Friday, October 02, 2020

Clock Time

POSIX threads (a.k.a. pthreads) - the standard that defines an API and an execution model for supporting threads in a programming language - are old news. In the past twenty years I've written or helped write three different pthread-based frameworks in C++ for different jobs or gigs, and used several other frameworks that others had written. Today finds me finishing up writing yet another pthread framework (YAPTF), this time in C, for my own use. It will be a part of Diminuto, my C-based systems programming library whose open source is available on GitHub. This is something I should have done a long time ago, instead of hacking little separate bits of pthread code into virtually every non-trivial C project that I wrote.

Here's the thing: it wasn't until I was writing a unit test for this new feature that I finally realized why the pthreads API function

int pthread_cond_timedwait(pthread_cond_t *cond, pthread_mutex_t *mutex, const struct timespec *abstime);

uses the absolute wall clock time (e.g. 2020-10-02T17:38:24.03894879UTC) instead of a relative duration (e.g. 0.50000000s) to specify a timeout (abstime) for the condition that the caller is asking to wait for. Timeouts in other POSIX standard features, like the select(2) system call, are specified as a duration.
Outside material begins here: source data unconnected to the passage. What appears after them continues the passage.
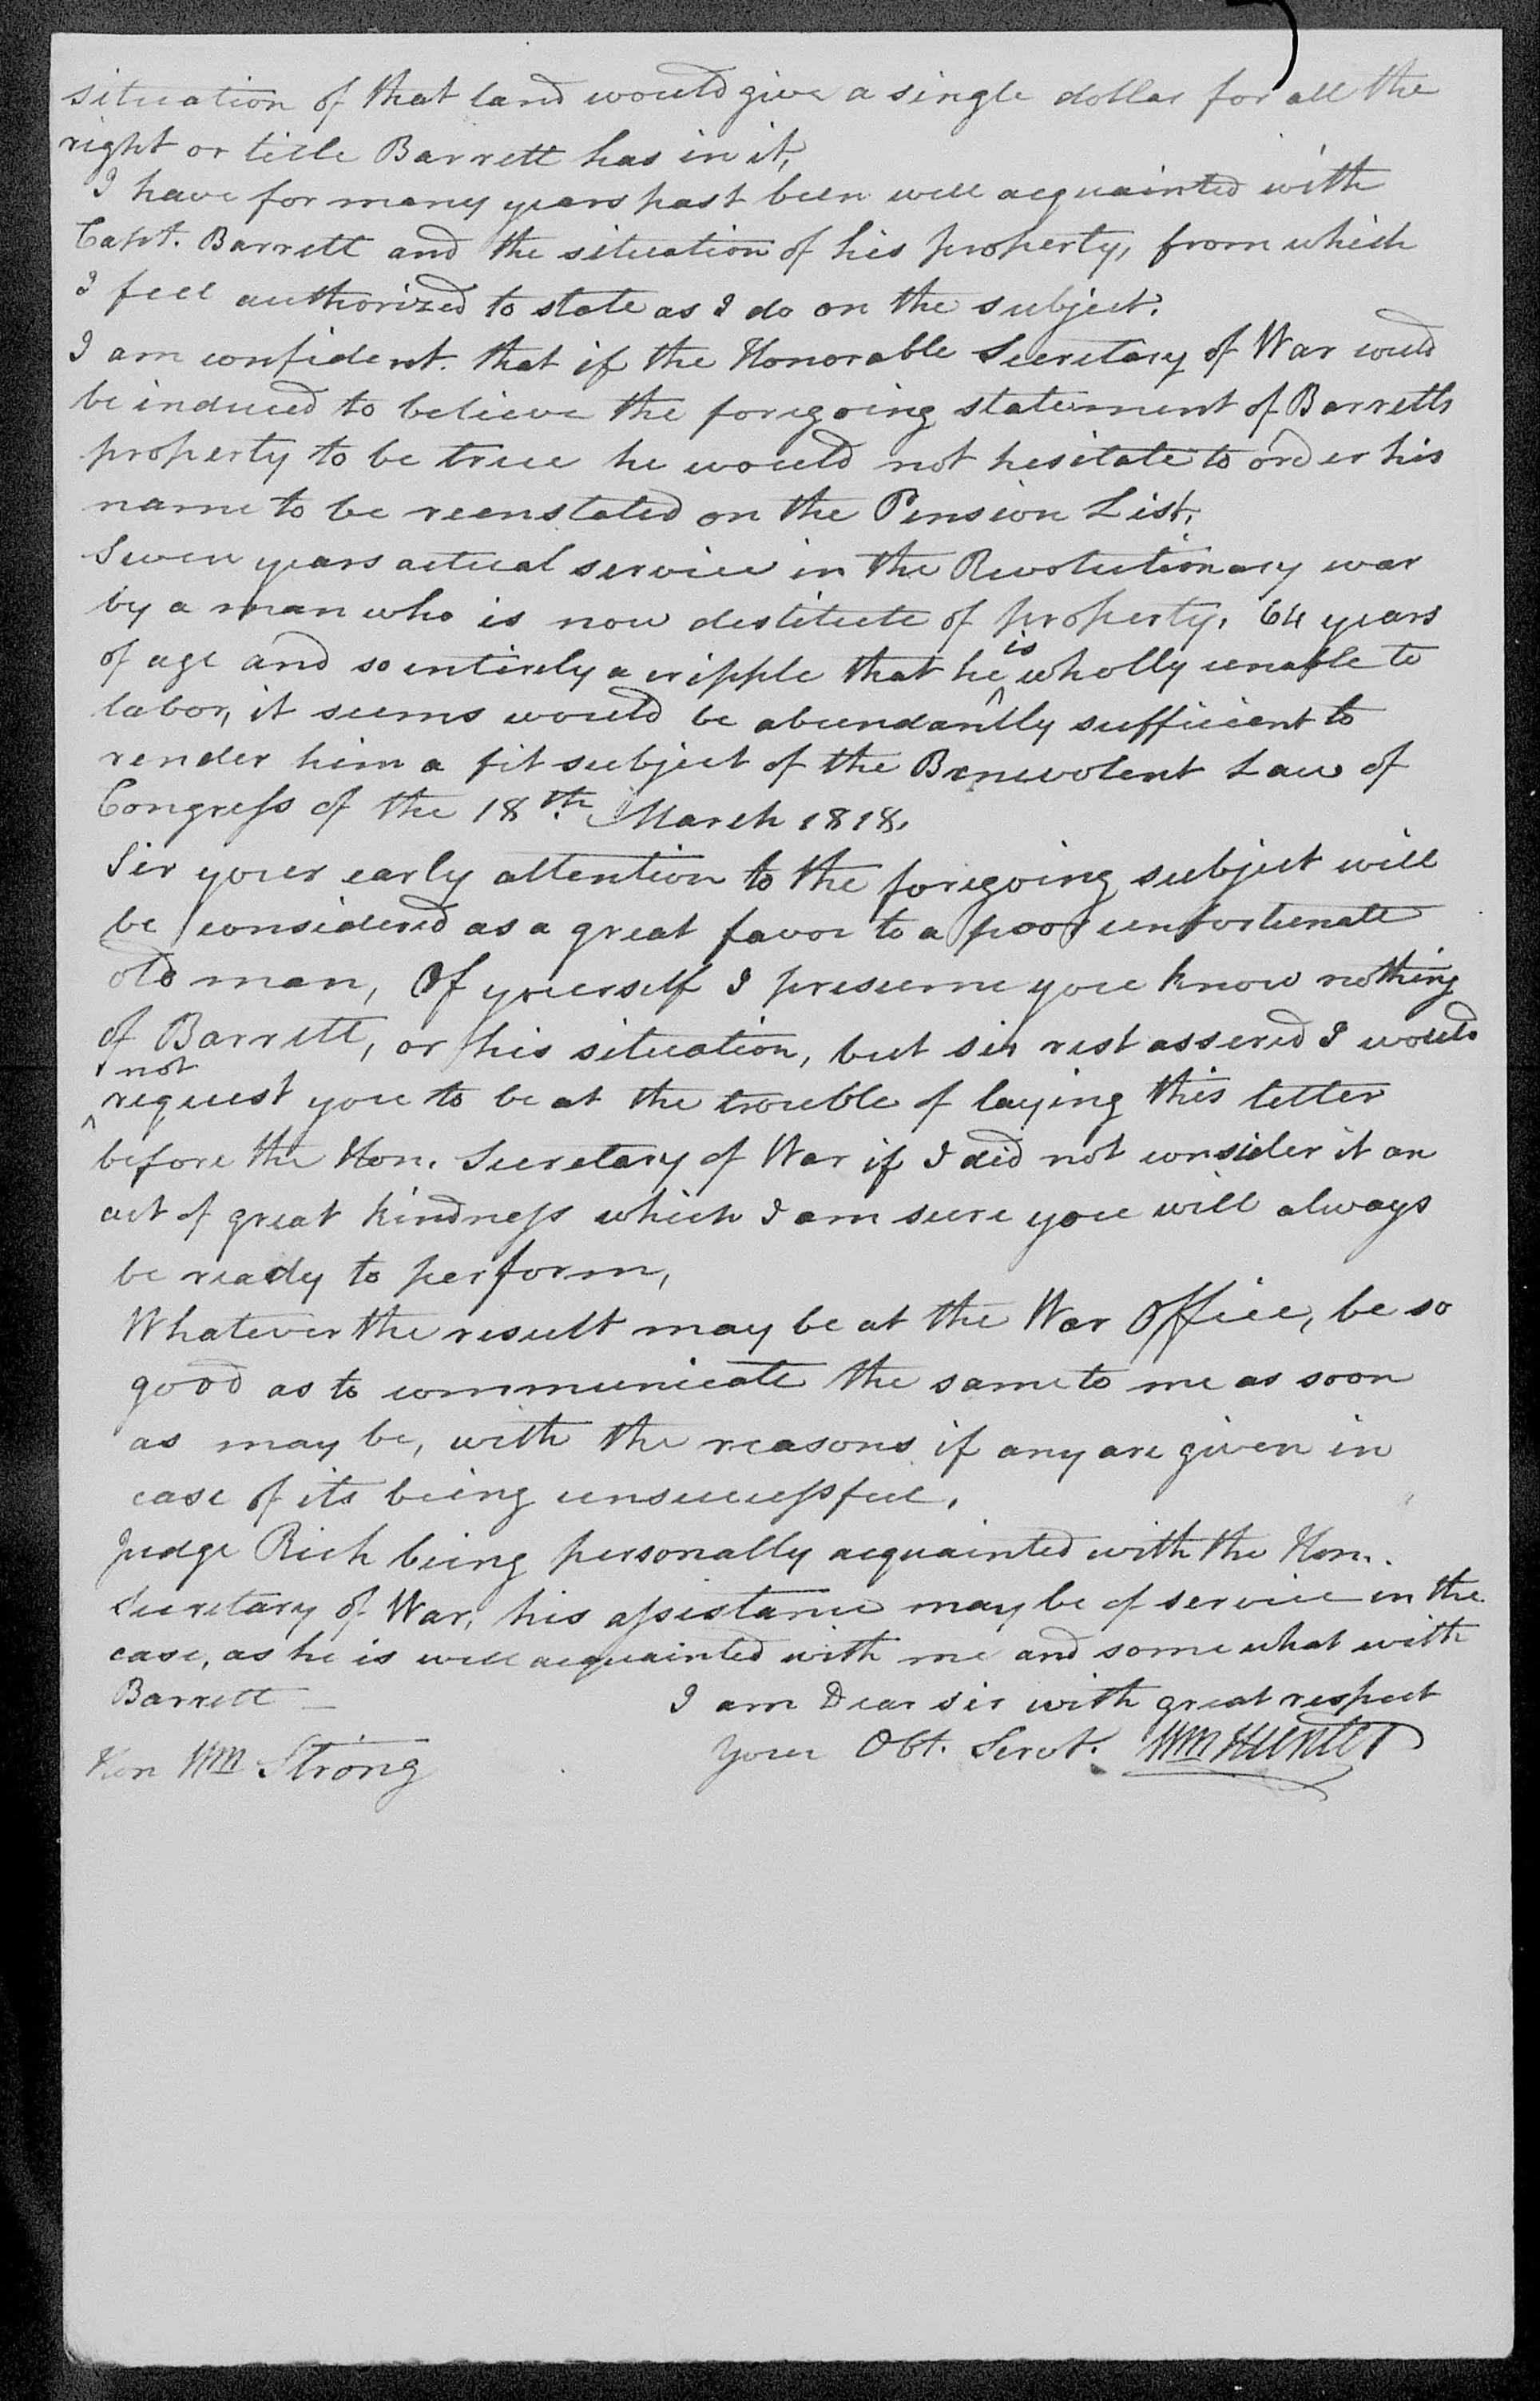situation of that land would give a single dollar for all the right or title Barrett has in it. 
I have for many years been well acquainted with Capt. Barrett and the situation of his property, from which I feel authorized to state as I do on the subject. 
I am confident that if the honorable Secretary of War could be induced to believe the foregoing statement of Barrett's property to be true he would not hesitate to order his name to be reinstated on the Pension list. 
Seven years actual service in the Revolutionary War by a man who is now destitute of property, 64 years of age and so entirely a cripple that he is wholly unable to labor, it seems would be abundantly sufficient to render him a fit subject of the Benevolent Law of Congress of the 18th March 1818.
Sir your early attention to the foregoing subject will be considered as a great favor to a poor unfortunate old man, of yourself, I presume you know nothing of Barrett, or his situation, bur sir rest assured I would not request you to be at the trouble of laying this letter before the Hon. Secretary of War if I did not consider it an act of great kindness which I am sure you will always be ready to perform. 
Whatever the result may be at the War Office, be so good as to communicate the same to me as soon as may be, with the reasons if any are given in case of its being unsuccessful. 
Judge Rich being personally acquainted with the Hon. Secretary of War, his assistance may be of service in the case, as he is well acquainted with me and some what acquainted with Barnett.
I am Dear sir with great respect
Your Obt. Servt. Wm Hunter

Hon. Wm Strong

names: Barrett, Wm Hunter, Barrett, Barrett, Barrett, Barrett, Wm Strong
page: 23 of 83
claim: widow's
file: W. 10,384, Oliver Barrett, Continental (Vt.) N.Y.

It finally dawned on me it was because this allows you to specify a consistent fixed timeout for complex situations that may have to receive multiple pthread signals to satisfy their pthread wait condition.

Here's a code snippet from the unit test. Below, my function diminuto_thread_wait_until calls pthread_cond_timedwait in the pthread library. (Click on the image to see a larger version.)

Screen Shot 2020-10-02 at 11.25.11 AM

The test initializes the thread object (a C struct instance) with a pointer to the function, body7, that implements the thread logic. The test starts the thread with an argument of just a null pointer that is passed to the function. Then the test acquires the current clock time and (effectively) adds one second to it. The test then enters a critical section which locks a pthread mutex associated with the thread. Inside the critical section, if the thread has not yet entered the running state (something the framework changes), the test waits until it receives a pthread signal on the condition associated with the thread from my framework indicating that the thread state has changed. Then it checks again. When the thread is in the running state, the test exits the critical section, unlocking the mutex.

No matter how many times the test waits, the thread state changes, a signal is sent, and the test wakes up to check the state again, the unit test will never wait longer than a total of one second. If more than a total of one second elapses, the wait will return the error code ETIMEDOUT instead of zero, and the test will fail.

This eliminates all the bookkeeping I've had to do in real-time operating systems that have non-POSIX threading models. In those RTOSes, I had to keep track myself of how much time had elapsed, subtract that duration from the total timeout, check that I hadn't used up all the timeout, and if not then wait again. It's not that hard (in fact, Diminuto has features that make this pretty easy), but it does call for more code.

I confess I felt a warm glow inside when I figured this out. There is a joy in understanding a problem that people smarter than you have solved.